Data START

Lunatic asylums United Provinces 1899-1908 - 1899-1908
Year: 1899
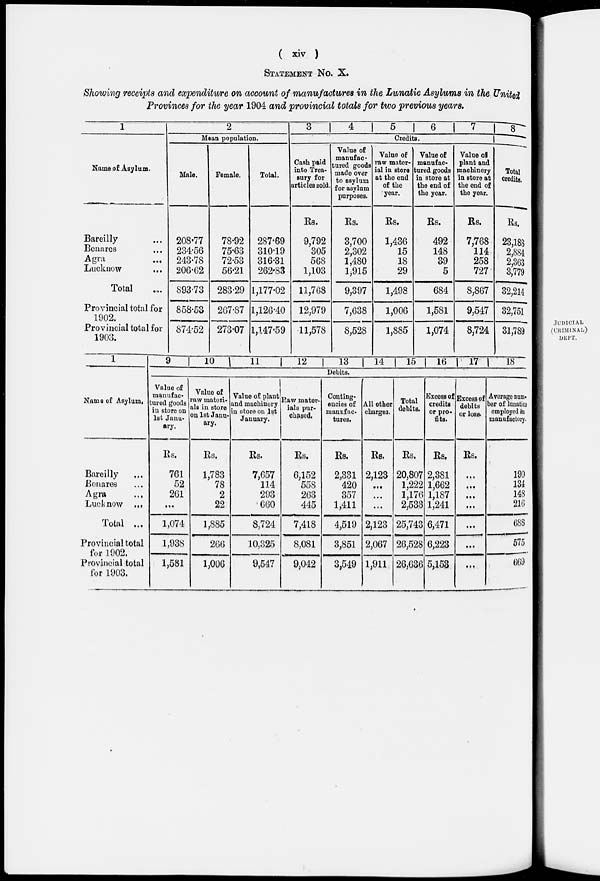
( xiv )
STATEMENT No. X.
Showing receipts and expenditure on account of manufactures in the Lunatic Asylums in the United
Provinces for the year 1904 and provincial totals for two previous years.
1
Name of Asylum.
Bareilly ...
Benares ...
Agra ...
Lucknow ...
Total ...
Provincial total for
1902.
Provincial total for
1903.
2
Mean population.
Male.
208.77
234.56
243.78
206.62
893.73
858.53
874.52
Female.
78.92
75.63
72.53
56.21
283.29
267.87
273.07
Total.
287.69
310.19
316.31
262.83
1,177.02
1,126.40
1,147.59
3
4
5
6
7
8
Credits.
Cash paid
into Trea-
sury for
articles sold.
Rs.
9,792
305
568
1,103
11,768
12,979
11,578
Value of
manufac-
tured goods
made over
to asylum
for asylum
purposes.
Rs.
3,700
2,302
1,480
1,915
9,397
7,638
8,528
Value of
raw mater-
ial in store
at the end
of the
year.
Rs.
1,436
15
18
29
1,498
1,006
1,885
Value of
manufac-
tured goods
in store at
the end of
the year.
Rs.
492
148
39
5
684
1,581
1,074
Value of
plant and
machinery
in store at
the end of
the year.
Rs.
7,768
114
258
727
8,867
9,547
8,724
Total
credits.
Rs.
23,188
2,884
2,363
3,779
32,214
32,751
31,789
1
Name of Asylum.
Bareilly ...
Benares ...
Agra ...
Lucknow ...
Total ...
Provincial total
for 1902.
Provincial total
for 1903.
9
10
11
12
13 14
15 16
17 18
Debits.
Value of
manufac-
tured goods
in store on
1st Janu-
ary.
Rs.
761
52
261
...
1,074
1,938
1,581
Value of
raw materi-
als in store
on 1st Janu-
ary.
Rs.
1,783
78
2
22
1,885
266
1,006
Value of plant
and machinery
in store on 1st
January.
Rs.
7,657
114
293
660
8,724
10,325
9,547
Raw mater-
ials pur-
chased.
Rs.
6,152
558
263
445
7,418
8,081
9,042
Conting-
encies of
manufac-
tures.
Rs.
2,331
420
357
1,411
4,519
3,851
3,549
All other
charges.
Rs.
2,123
...
...
...
2,123
2,067
1,911
Total
debits.
Rs.
20,807
1,222
1,176
2,538
25,743
26,528
26,636
Excess of
credits
or pro-
fits.
Rs.
2,381
1,662
1,187
1,241
6,471
6,223
5,153
Excess of
debits
or loss.
Rs.
...
...
...
...
...
...
...
Average num-
ber of lunatics
employed in
manufactory.
190
134
148
216
688
575
669
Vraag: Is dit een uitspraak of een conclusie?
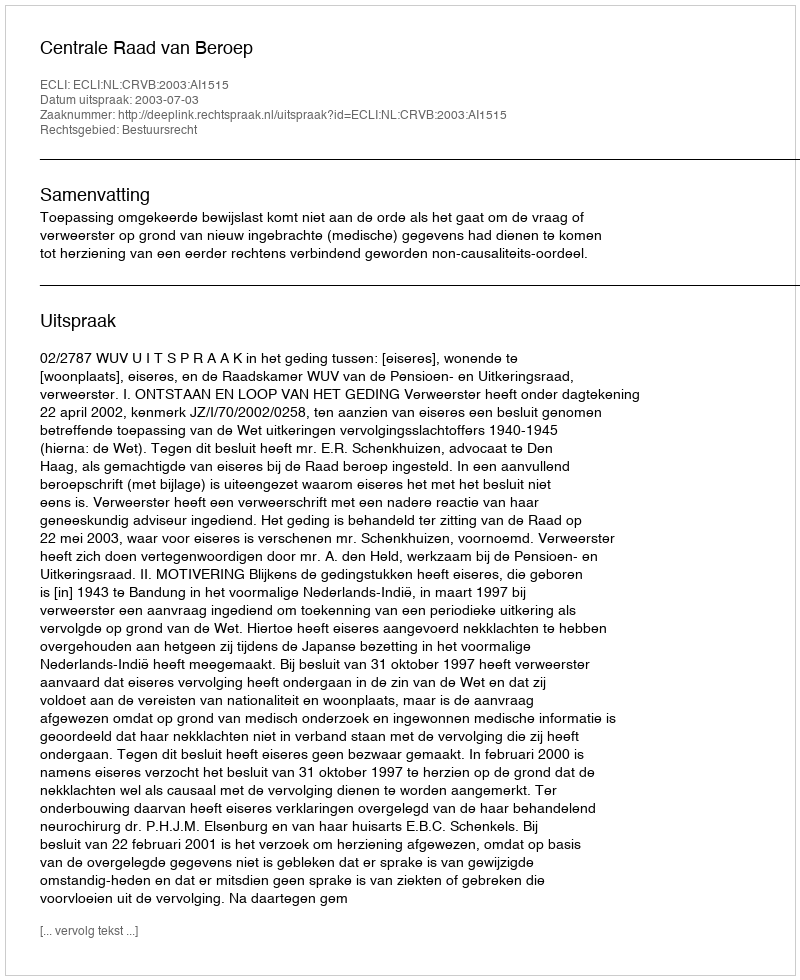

Data END

## Exercise directions
Answer with a number only: how many lines above include the word "United"?

## Response
2